**TASK TO COMPLETE**: Reproduce all of the data that follows, character for character.

(Beginning of TASK MATERIAL)

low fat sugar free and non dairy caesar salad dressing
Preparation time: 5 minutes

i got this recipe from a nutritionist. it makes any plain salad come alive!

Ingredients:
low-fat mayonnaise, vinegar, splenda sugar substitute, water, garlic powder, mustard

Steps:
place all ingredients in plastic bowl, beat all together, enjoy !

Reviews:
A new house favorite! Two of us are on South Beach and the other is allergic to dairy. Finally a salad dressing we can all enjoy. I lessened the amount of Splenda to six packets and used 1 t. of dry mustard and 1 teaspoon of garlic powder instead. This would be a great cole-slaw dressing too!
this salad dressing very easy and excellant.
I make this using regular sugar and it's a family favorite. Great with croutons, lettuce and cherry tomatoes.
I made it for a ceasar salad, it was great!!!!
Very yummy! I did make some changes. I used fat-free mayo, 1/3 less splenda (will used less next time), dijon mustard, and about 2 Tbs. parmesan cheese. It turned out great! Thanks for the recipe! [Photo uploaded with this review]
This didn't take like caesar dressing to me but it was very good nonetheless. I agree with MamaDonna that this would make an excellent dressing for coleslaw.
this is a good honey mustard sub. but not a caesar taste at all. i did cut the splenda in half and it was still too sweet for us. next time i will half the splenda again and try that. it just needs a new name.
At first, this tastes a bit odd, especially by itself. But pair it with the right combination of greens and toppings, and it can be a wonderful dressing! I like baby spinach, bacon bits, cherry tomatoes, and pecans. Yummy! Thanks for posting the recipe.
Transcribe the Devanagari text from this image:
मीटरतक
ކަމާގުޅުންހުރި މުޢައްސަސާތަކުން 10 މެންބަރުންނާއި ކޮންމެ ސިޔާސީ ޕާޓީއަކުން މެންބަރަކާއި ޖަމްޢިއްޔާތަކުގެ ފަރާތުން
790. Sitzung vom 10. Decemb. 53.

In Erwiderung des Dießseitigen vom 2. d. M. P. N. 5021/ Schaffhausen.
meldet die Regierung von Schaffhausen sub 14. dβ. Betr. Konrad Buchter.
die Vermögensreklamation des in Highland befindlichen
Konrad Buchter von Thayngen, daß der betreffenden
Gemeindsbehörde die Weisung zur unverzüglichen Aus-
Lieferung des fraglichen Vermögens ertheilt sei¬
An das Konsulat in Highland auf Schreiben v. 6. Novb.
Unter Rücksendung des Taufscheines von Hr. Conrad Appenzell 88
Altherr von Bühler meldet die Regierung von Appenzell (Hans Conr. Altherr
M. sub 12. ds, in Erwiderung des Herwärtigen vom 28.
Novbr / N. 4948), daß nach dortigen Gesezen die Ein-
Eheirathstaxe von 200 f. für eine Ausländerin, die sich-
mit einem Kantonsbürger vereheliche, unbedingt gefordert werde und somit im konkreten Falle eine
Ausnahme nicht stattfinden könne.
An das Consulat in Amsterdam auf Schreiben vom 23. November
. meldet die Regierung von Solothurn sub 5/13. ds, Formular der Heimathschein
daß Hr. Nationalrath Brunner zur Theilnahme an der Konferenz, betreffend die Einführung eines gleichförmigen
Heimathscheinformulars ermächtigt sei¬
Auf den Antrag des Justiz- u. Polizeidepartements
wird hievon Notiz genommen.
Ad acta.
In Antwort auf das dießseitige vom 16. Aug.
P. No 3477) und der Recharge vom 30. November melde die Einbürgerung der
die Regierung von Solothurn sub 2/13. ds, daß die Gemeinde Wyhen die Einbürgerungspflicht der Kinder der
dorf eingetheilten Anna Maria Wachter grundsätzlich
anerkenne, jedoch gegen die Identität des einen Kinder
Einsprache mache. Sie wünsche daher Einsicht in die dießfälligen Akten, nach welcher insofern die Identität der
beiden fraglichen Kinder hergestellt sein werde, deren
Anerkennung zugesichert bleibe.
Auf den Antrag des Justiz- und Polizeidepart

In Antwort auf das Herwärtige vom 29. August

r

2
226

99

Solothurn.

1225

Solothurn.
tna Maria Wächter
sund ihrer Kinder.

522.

(End of TASK MATERIAL)

**RESULT OF THE TASK**:
low fat sugar free and non dairy caesar salad dressing
Preparation time: 5 minutes

i got this recipe from a nutritionist. it makes any plain salad come alive!

Ingredients:
low-fat mayonnaise, vinegar, splenda sugar substitute, water, garlic powder, mustard

Steps:
place all ingredients in plastic bowl, beat all together, enjoy !

Reviews:
A new house favorite! Two of us are on South Beach and the other is allergic to dairy. Finally a salad dressing we can all enjoy. I lessened the amount of Splenda to six packets and used 1 t. of dry mustard and 1 teaspoon of garlic powder instead. This would be a great cole-slaw dressing too!
this salad dressing very easy and excellant.
I make this using regular sugar and it's a family favorite. Great with croutons, lettuce and cherry tomatoes.
I made it for a ceasar salad, it was great!!!!
Very yummy! I did make some changes. I used fat-free mayo, 1/3 less splenda (will used less next time), dijon mustard, and about 2 Tbs. parmesan cheese. It turned out great! Thanks for the recipe! [Photo uploaded with this review]
This didn't take like caesar dressing to me but it was very good nonetheless. I agree with MamaDonna that this would make an excellent dressing for coleslaw.
this is a good honey mustard sub. but not a caesar taste at all. i did cut the splenda in half and it was still too sweet for us. next time i will half the splenda again and try that. it just needs a new name.
At first, this tastes a bit odd, especially by itself. But pair it with the right combination of greens and toppings, and it can be a wonderful dressing! I like baby spinach, bacon bits, cherry tomatoes, and pecans. Yummy! Thanks for posting the recipe.
Transcribe the Devanagari text from this image:
मीटरतक
ކަމާގުޅުންހުރި މުޢައްސަސާތަކުން 10 މެންބަރުންނާއި ކޮންމެ ސިޔާސީ ޕާޓީއަކުން މެންބަރަކާއި ޖަމްޢިއްޔާތަކުގެ ފަރާތުން
790. Sitzung vom 10. Decemb. 53.

In Erwiderung des Dießseitigen vom 2. d. M. P. N. 5021/ Schaffhausen.
meldet die Regierung von Schaffhausen sub 14. dβ. Betr. Konrad Buchter.
die Vermögensreklamation des in Highland befindlichen
Konrad Buchter von Thayngen, daß der betreffenden
Gemeindsbehörde die Weisung zur unverzüglichen Aus-
Lieferung des fraglichen Vermögens ertheilt sei¬
An das Konsulat in Highland auf Schreiben v. 6. Novb.
Unter Rücksendung des Taufscheines von Hr. Conrad Appenzell 88
Altherr von Bühler meldet die Regierung von Appenzell (Hans Conr. Altherr
M. sub 12. ds, in Erwiderung des Herwärtigen vom 28.
Novbr / N. 4948), daß nach dortigen Gesezen die Ein-
Eheirathstaxe von 200 f. für eine Ausländerin, die sich-
mit einem Kantonsbürger vereheliche, unbedingt gefordert werde und somit im konkreten Falle eine
Ausnahme nicht stattfinden könne.
An das Consulat in Amsterdam auf Schreiben vom 23. November
. meldet die Regierung von Solothurn sub 5/13. ds, Formular der Heimathschein
daß Hr. Nationalrath Brunner zur Theilnahme an der Konferenz, betreffend die Einführung eines gleichförmigen
Heimathscheinformulars ermächtigt sei¬
Auf den Antrag des Justiz- u. Polizeidepartements
wird hievon Notiz genommen.
Ad acta.
In Antwort auf das dießseitige vom 16. Aug.
P. No 3477) und der Recharge vom 30. November melde die Einbürgerung der
die Regierung von Solothurn sub 2/13. ds, daß die Gemeinde Wyhen die Einbürgerungspflicht der Kinder der
dorf eingetheilten Anna Maria Wachter grundsätzlich
anerkenne, jedoch gegen die Identität des einen Kinder
Einsprache mache. Sie wünsche daher Einsicht in die dießfälligen Akten, nach welcher insofern die Identität der
beiden fraglichen Kinder hergestellt sein werde, deren
Anerkennung zugesichert bleibe.
Auf den Antrag des Justiz- und Polizeidepart

In Antwort auf das Herwärtige vom 29. August

r

2
226

99

Solothurn.

1225

Solothurn.
tna Maria Wächter
sund ihrer Kinder.

522.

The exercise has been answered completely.